The overall objective of this project is to understand the mechanisms leading to the introduction of pathogens into urban populations, and their subsequent spread.

The focus is on livestock as sources of these pathogens: emerging diseases are likely to be zoonotic in origin, and livestock pathogens, through the close interactions between livestock, their products and people, are at high of risk crossing the species barrier.

The focus in this project is on Escherichia coli, as an exemplar of many potential emerging pathogens, which exists in a diversity of hosts, in the environment, on food, in waste etc.
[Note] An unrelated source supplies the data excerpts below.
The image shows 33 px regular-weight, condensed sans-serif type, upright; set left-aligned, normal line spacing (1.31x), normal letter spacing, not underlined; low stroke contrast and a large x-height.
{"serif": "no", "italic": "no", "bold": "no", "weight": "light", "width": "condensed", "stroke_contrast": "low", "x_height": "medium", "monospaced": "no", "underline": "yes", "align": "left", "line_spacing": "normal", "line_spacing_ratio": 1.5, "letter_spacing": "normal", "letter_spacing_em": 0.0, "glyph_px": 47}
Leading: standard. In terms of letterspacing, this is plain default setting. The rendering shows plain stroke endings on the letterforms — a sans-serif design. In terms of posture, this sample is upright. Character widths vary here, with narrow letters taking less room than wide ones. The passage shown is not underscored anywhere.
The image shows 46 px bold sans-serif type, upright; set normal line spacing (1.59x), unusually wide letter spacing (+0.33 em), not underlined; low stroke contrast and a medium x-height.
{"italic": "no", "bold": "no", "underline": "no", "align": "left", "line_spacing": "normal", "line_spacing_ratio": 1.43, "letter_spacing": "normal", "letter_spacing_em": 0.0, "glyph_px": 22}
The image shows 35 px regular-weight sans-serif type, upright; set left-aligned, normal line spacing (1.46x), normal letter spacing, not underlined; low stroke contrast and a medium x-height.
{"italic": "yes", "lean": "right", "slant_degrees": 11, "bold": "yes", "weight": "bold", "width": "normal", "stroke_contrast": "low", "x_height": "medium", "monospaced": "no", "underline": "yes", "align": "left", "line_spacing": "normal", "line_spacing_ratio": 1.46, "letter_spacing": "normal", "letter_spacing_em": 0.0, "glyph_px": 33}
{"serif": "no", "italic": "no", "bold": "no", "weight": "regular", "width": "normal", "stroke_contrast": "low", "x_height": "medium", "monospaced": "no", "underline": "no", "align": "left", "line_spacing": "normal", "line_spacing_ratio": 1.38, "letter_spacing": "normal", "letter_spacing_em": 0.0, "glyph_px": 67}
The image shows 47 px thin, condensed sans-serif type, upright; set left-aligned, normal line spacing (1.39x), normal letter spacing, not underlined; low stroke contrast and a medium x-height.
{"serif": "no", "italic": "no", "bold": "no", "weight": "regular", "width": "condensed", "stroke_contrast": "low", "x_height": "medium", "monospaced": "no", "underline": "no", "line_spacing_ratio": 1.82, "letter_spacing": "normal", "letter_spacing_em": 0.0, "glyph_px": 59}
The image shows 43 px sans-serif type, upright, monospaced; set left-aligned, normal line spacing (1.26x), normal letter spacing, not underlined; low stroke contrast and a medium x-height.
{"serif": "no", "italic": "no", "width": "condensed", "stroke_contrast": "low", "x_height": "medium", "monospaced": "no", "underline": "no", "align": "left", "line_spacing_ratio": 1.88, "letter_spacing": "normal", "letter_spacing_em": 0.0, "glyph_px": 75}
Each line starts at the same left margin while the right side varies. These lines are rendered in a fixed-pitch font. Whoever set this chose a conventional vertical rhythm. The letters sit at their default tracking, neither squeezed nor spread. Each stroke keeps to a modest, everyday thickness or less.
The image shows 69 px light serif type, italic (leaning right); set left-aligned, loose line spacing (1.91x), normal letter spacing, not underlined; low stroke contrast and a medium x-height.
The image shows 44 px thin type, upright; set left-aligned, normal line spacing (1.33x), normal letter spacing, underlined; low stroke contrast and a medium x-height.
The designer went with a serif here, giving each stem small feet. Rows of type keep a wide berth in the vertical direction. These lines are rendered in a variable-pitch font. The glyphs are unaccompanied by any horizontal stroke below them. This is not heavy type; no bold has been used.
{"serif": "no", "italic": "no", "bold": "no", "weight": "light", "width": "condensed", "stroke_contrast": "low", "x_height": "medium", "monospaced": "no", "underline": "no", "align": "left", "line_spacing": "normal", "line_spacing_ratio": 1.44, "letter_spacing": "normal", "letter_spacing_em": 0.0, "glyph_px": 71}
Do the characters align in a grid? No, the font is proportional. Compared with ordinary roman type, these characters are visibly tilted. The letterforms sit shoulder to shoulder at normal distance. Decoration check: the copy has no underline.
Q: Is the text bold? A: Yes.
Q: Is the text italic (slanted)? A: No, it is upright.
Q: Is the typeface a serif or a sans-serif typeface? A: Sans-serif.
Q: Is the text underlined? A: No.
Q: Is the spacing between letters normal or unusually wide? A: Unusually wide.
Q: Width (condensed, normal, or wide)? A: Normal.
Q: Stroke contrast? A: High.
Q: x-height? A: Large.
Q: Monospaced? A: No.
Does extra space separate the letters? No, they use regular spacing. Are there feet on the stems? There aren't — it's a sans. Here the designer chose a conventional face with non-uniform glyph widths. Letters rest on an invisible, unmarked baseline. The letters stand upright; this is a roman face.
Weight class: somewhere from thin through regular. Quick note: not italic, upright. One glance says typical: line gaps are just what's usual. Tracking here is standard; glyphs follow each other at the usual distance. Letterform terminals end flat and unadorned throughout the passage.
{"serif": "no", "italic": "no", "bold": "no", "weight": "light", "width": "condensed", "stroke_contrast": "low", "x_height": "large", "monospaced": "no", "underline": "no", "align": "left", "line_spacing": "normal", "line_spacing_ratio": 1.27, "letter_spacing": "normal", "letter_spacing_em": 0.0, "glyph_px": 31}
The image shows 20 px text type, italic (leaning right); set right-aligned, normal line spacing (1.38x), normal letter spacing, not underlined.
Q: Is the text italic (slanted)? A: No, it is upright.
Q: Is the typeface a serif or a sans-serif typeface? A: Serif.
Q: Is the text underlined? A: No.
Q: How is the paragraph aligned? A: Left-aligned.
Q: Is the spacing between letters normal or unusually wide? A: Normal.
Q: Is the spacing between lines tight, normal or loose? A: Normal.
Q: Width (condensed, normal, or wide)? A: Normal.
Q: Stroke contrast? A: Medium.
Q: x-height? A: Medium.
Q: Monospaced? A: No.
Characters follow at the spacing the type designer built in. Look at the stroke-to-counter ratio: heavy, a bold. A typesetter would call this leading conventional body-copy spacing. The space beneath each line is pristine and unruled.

The geographical focus is the city of Nairobi, Kenya, and its hinterlands. In the microbiology components, the project takes a landscape genetics approach to understanding E. coli distribution and spread, with a view to understanding how this is affected by environmental and socio-economic factors.

Research questions

  • Does urban livestock keeping pre-dispose people to acquiring new or more diverse microbial flora?
  • Is the risk compounded by poverty status or other social factors?
  • How is the microbial flora influenced by the keeping of livestock in these areas?
  • Do supply chains for livestock and livestock products bring people into contact with microbial diversity over and above what they would otherwise experience?
  • Why do people source food from particular places? What social and economic factors define food sourcing in a complex city?
  • What influences the microbial flora to which people are exposed through food?
  • How does the design of complex urban environments influence exposure to microbial flora?
  • How has the city of Nairobi grown, how does it continue to grow, and how does urbanization in the region affect exposure to microbial diversity in the human and animal population?
  • What is the role of per-domestic wildlife in transmission of zoonotic pathogens and the transport of microbial flora?
  • Why do supply chains exist in the way that they do, and how might they change as demand for products changes with urban growth, or as a consequence of legislation?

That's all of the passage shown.